Dermatologists, for example, prescribe five percent of antibiotics, but make up only one percent of all physicians. And their patients may wind up taking antibiotics for longer than national guidelines recommend, and at higher doses than necessary. As Adam Friedman, a professor of dermatology, explains:
Antibiotics may be prescribed at higher doses than what is really needed to treat acne. While antibiotics can kill the bacteria associated with acne, it’s their anti-inflammatory effects, not their antimicrobial effects, that yield the biggest skin-clearing benefits. The result is that the bacteria associated with acne are becoming resistant to common antibiotics – and this overuse also contributes to more harmful bacteria, like Staphlycoccus aureus and Streptococcus becoming resistant.
What we are learning about resistant bacteria
The conventional wisdom used to be that resistant bacteria were also less fit. But an international team of researchers recently discovered that resistance can actually make some bacteria fitter and more virulent. While this may not be true with every kind of bacteria, it’s a sobering thought.
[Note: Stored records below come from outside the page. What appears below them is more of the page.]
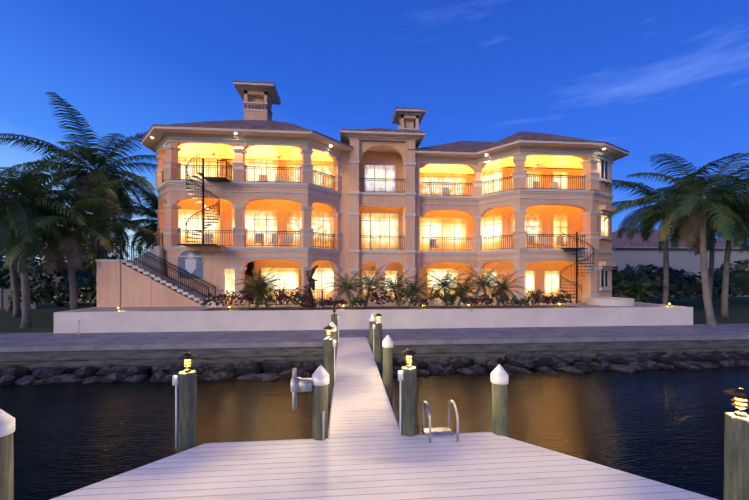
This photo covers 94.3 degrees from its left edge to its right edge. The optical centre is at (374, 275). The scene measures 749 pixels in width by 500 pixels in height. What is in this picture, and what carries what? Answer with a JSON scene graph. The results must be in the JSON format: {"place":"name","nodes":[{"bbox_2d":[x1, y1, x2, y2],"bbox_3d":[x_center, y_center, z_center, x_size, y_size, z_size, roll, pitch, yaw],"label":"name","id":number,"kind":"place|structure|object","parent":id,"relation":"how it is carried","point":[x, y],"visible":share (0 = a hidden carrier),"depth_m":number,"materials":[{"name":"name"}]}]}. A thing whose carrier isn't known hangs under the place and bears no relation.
{"place":"outdoors","nodes":[
{"label":"outdoors","id":0,"kind":"place"},
{"bbox_2d":[51,288,96,302],"bbox_3d":[-28.231,1.825,33.856,4.700,1.400,1.910,0,0,-5],"label":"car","id":1,"kind":"object","parent":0,"point":[69,301],"depth_m":32.93,"materials":[{"name":"grey metal"}]},
{"bbox_2d":[56,299,96,305],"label":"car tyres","id":2,"kind":"object","parent":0,"point":[59,303],"visible":0.27,"depth_m":32.72,"materials":[{"name":"black rubber"}]},
{"bbox_2d":[98,154,594,304],"bbox_3d":[-0.653,-2.630,23.193,31.189,8.890,4.835,0,0,-5],"label":"house iron","id":3,"kind":"object","parent":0,"point":[202,211],"visible":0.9,"depth_m":22.23,"materials":[{"name":"black metal"}]},
{"bbox_2d":[126,140,582,306],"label":"house slabs","id":4,"kind":"structure","parent":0,"point":[138,291],"depth_m":20.36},
{"bbox_2d":[97,90,615,306],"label":"house walls","id":5,"kind":"structure","parent":0,"point":[111,284],"depth_m":24.73,"materials":[{"name":"beige paint"}]},
{"bbox_2d":[178,158,566,298],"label":"house windows","id":6,"kind":"structure","parent":5,"relation":"in","point":[287,276],"depth_m":27.44,"materials":[{"name":"glass"}]},
{"bbox_2d":[178,143,583,173],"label":"balcony ceiling","id":7,"kind":"structure","parent":5,"relation":"attached to","point":[263,152],"depth_m":25.02,"materials":[{"name":"paint"}]},
{"bbox_2d":[141,81,629,152],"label":"house roof","id":8,"kind":"structure","parent":5,"relation":"on","point":[468,146],"depth_m":24.84,"materials":[{"name":"brown tile"}]},
{"bbox_2d":[178,157,608,303],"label":"house frames","id":9,"kind":"structure","parent":5,"relation":"in","point":[389,213],"depth_m":26.44,"materials":[{"name":"white wood"}]},
{"bbox_2d":[601,160,607,286],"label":"window","id":10,"kind":"structure","parent":9,"relation":"in","point":[606,177],"depth_m":25.10,"materials":[{"name":"glass"}]},
{"bbox_2d":[69,294,677,311],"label":"terrace floor","id":11,"kind":"structure","parent":0,"point":[438,303],"depth_m":21.37,"materials":[{"name":"beige stone"}]},
{"bbox_2d":[303,265,318,306],"bbox_3d":[-3.794,0.580,20.449,0.837,2.470,0.828,0,0,43],"label":"dolphin statue","id":12,"kind":"object","parent":11,"relation":"on","point":[311,281],"visible":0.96,"depth_m":20.36,"materials":[{"name":"brown metal"}]},
{"bbox_2d":[95,82,628,306],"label":"house trim","id":13,"kind":"structure","parent":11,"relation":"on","point":[162,136],"depth_m":23.78,"materials":[{"name":"white paint"}]},
{"bbox_2d":[177,250,203,277],"bbox_3d":[-11.517,-0.774,21.753,1.655,1.858,0.080,0,0,-5],"label":"mural","id":14,"kind":"object","parent":13,"relation":"attached to","point":[193,266],"visible":0.71,"depth_m":21.77,"materials":[{"name":"blue"}]},
{"bbox_2d":[365,165,394,192],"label":"house windows","id":15,"kind":"structure","parent":13,"relation":"attached to","point":[380,173],"depth_m":26.53,"materials":[{"name":"white"}]},
{"bbox_2d":[203,149,567,248],"bbox_3d":[1.159,-5.195,25.837,25.804,6.680,3.947,0,0,-5],"label":"furniture","id":16,"kind":"object","parent":13,"relation":"on","point":[559,240],"visible":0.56,"depth_m":24.19,"materials":[{"name":"beige"}]},
{"bbox_2d":[287,161,540,297],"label":"house windows","id":17,"kind":"structure","parent":13,"relation":"attached to","point":[317,224],"depth_m":25.91,"materials":[{"name":"yellow"}]},
{"bbox_2d":[225,159,607,302],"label":"house windows","id":18,"kind":"structure","parent":13,"relation":"attached to","point":[380,234],"depth_m":25.89,"materials":[{"name":"yellow"}]},
{"bbox_2d":[231,263,530,311],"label":"shrubs","id":19,"kind":"object","parent":11,"relation":"on","point":[262,286],"depth_m":19.50,"materials":[{"name":"green plant"}]},
{"bbox_2d":[200,305,580,310],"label":"planter soil","id":20,"kind":"structure","parent":11,"relation":"on","point":[377,307],"depth_m":19.68,"materials":[{"name":"brown soil"}]},
{"bbox_2d":[201,286,572,306],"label":"shrubs","id":21,"kind":"object","parent":20,"relation":"on","point":[506,299],"visible":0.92,"depth_m":19.17,"materials":[{"name":"green plant"}]},
{"bbox_2d":[273,283,541,305],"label":"ti plants","id":22,"kind":"object","parent":20,"relation":"on","point":[535,296],"visible":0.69,"depth_m":19.65,"materials":[{"name":"red plant"}]},
{"bbox_2d":[587,297,633,305],"bbox_3d":[14.934,1.605,22.052,2.500,0.420,2.500,0,0,-5],"label":"spa","id":23,"kind":"object","parent":11,"relation":"on","point":[616,301],"visible":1,"depth_m":21.13,"materials":[{"name":"white concrete"}]},
{"bbox_2d":[0,363,748,499],"bbox_3d":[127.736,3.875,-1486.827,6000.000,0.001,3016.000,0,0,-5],"label":"water","id":24,"kind":"structure","parent":0,"point":[665,426],"depth_m":9.45,"materials":[{"name":"black liquid"}]},
{"bbox_2d":[0,351,748,385],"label":"rocks","id":25,"kind":"object","parent":24,"relation":"in","point":[243,370],"visible":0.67,"depth_m":13.90,"materials":[{"name":"grey stone"}]},
{"bbox_2d":[0,339,748,373],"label":"bank","id":26,"kind":"structure","parent":24,"relation":"in","point":[33,361],"depth_m":14.68,"materials":[{"name":"black stone"}]},
{"bbox_2d":[0,314,748,499],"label":"pilings","id":27,"kind":"object","parent":24,"relation":"in","point":[736,460],"visible":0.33,"depth_m":5.97,"materials":[{"name":"wood"}]},
{"bbox_2d":[0,313,507,448],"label":"piling caps","id":28,"kind":"object","parent":27,"relation":"on","point":[498,375],"visible":0.92,"depth_m":6.04,"materials":[{"name":"white plastic"}]},
{"bbox_2d":[290,368,324,440],"bbox_3d":[-1.156,2.270,6.060,0.577,1.310,0.280,0,0,-5],"label":"lift motor","id":29,"kind":"object","parent":27,"relation":"attached to","point":[298,384],"visible":0.92,"depth_m":5.97,"materials":[{"name":"grey metal"}]},
{"bbox_2d":[328,347,401,437],"bbox_3d":[-0.520,3.016,6.802,11.940,0.258,18.350,0,0,-5],"label":"dock framing","id":30,"kind":"object","parent":27,"relation":"attached to","point":[332,400],"depth_m":7.78,"materials":[{"name":"grey"}]},
{"bbox_2d":[50,337,717,499],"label":"dock deck","id":31,"kind":"structure","parent":30,"relation":"on","point":[365,450],"depth_m":5.07,"materials":[{"name":"white wood"}]},
{"bbox_2d":[422,400,458,442],"bbox_3d":[1.159,3.349,6.182,0.524,2.252,0.572,0,0,-5],"label":"ladder","id":32,"kind":"object","parent":31,"relation":"attached to","point":[429,432],"visible":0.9,"depth_m":6.19,"materials":[{"name":"silver metal"}]},
{"bbox_2d":[178,306,748,417],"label":"dock lanterns","id":33,"kind":"object","parent":27,"relation":"on","point":[740,394],"visible":1,"depth_m":5.84,"materials":[{"name":"gold metal"}]},
{"bbox_2d":[0,92,748,327],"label":"palm","id":34,"kind":"object","parent":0,"point":[40,215],"depth_m":21.25,"materials":[{"name":"green plant"}]},
{"bbox_2d":[0,323,748,351],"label":"apron","id":35,"kind":"object","parent":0,"point":[25,342],"visible":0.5,"depth_m":16.22,"materials":[{"name":"concrete"}]},
{"bbox_2d":[54,302,692,332],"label":"retaining wall","id":36,"kind":"structure","parent":35,"relation":"on","point":[164,321],"depth_m":18.41,"materials":[{"name":"white concrete"}]},
{"bbox_2d":[77,302,670,334],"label":"path lights","id":37,"kind":"object","parent":35,"relation":"on","point":[78,321],"visible":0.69,"depth_m":17.98,"materials":[{"name":"gold metal"}]},
{"bbox_2d":[0,296,748,332],"bbox_3d":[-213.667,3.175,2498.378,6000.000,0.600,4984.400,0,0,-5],"label":"ground","id":38,"kind":"structure","parent":0,"point":[42,318],"depth_m":26.63,"materials":[{"name":"green plant"}]},
{"bbox_2d":[0,274,89,308],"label":"fence","id":39,"kind":"object","parent":38,"relation":"on","point":[4,293],"visible":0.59,"depth_m":30.10,"materials":[{"name":"grey"}]},
{"bbox_2d":[0,250,748,304],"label":"bushes","id":40,"kind":"object","parent":38,"relation":"on","point":[690,286],"visible":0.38,"depth_m":30.78,"materials":[{"name":"green plant"}]},
{"bbox_2d":[612,276,670,298],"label":"banana plants","id":41,"kind":"object","parent":38,"relation":"on","point":[646,285],"visible":0.6,"depth_m":27.03,"materials":[{"name":"green plant"}]},
{"bbox_2d":[0,0,748,264],"label":"sky","id":42,"kind":"structure","parent":0,"point":[643,78],"materials":[{"name":"blue"}]},
{"bbox_2d":[612,248,748,296],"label":"neighbour walls","id":43,"kind":"structure","parent":0,"point":[678,260],"depth_m":47.37,"materials":[{"name":"beige paint"}]},
{"bbox_2d":[612,247,739,248],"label":"trim","id":44,"kind":"structure","parent":43,"relation":"attached to","point":[662,247],"depth_m":46.79,"materials":[{"name":"white paint"}]},
{"bbox_2d":[612,229,741,268],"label":"neighbour roof","id":45,"kind":"structure","parent":43,"relation":"on","point":[635,241],"depth_m":48.30,"materials":[{"name":"tile"}]}
]}

Bacteria are found pretty much anywhere. Not only do they live all over your skin and throughout your body, they also cover just about every surface you encounter. Erica Hartmann at the University of Oregon, who studies microbes in indoor environments, asks if antimicrobial chemicals – from hand soaps to cleaning supplies – are increasing the spread of antibiotic resistance. Her research, which is still ongoing, involves vacuuming up dust samples in public spaces from under sinks, behind toilets and along walls and cubicles.
In fact, the majority of bacteria love to join together in so-called biofilm communities. It’s these biofilms that cause the majority of infections in hospital settings. For reasons scientists don’t completely understand, the biofilm lifestyle renders bacteria much less susceptible to disinfectants and antibiotics of all kinds.
Karin Sauer of Binghamton University describes how she and other researchers are working on unraveling the ways bacteria living in biofilms communicate and coordinate – in order to use their own systems against them.
There has to be some good news, right?
As resistance to our antibiotic arsenal grows, scientists are looking for new ways to fight back.
What if, for instance, we had a way to target only pathogenic – “bad” – bacteria, while leaving the beneficial or harmless ones alone? And what if we could make sure that the bad bacteria couldn’t easily develop resistance to this targeting?
CRISPR gene editing techniques could allow us to use bacteria’s own immune systems against them by chopping up targeted genes, which would lead to death.
Another promising option harnesses the naturally antimicrobial properties of silver.
Meanwhile researchers at the University of Colorado at Boulder are finding ways to use nanoparticles, a million times smaller than a millimeter, to target drug-resistant bacteria without harming healthy tissue in the body.
Looking at the world before antibiotics
We need new antibiotics, but combating resistance will take more than that.
As Tom Frieden, the director of the Centers for Disease Control and Prevention, said in a press conference on May 26 after the MCR-1 discovery:
We can make new ones, but without better stewardship and identification of outbreaks, we’ll lose these miracle drugs. The medicine cabinet is empty for some patients. It is the end of the road for antibiotics unless we act urgently.
So what would a post-antibiotic world look like? Let’s look at it another way. Before antibiotics existed, how did we treat infections?
As Christie Columbus from Texas A&M Health Science Center explains, bloodletting, mercury and plant based-treatments were used – with varying degrees of success. She cautions that:
Alternative therapies have been used to treat infections since antiquity, but none are as reliably safe and effective as modern antimicrobial therapy. Unfortunately, due to increasing resistance and lack of development of new agents, the possibility of a return to the pre-antimicrobial era may become a reality.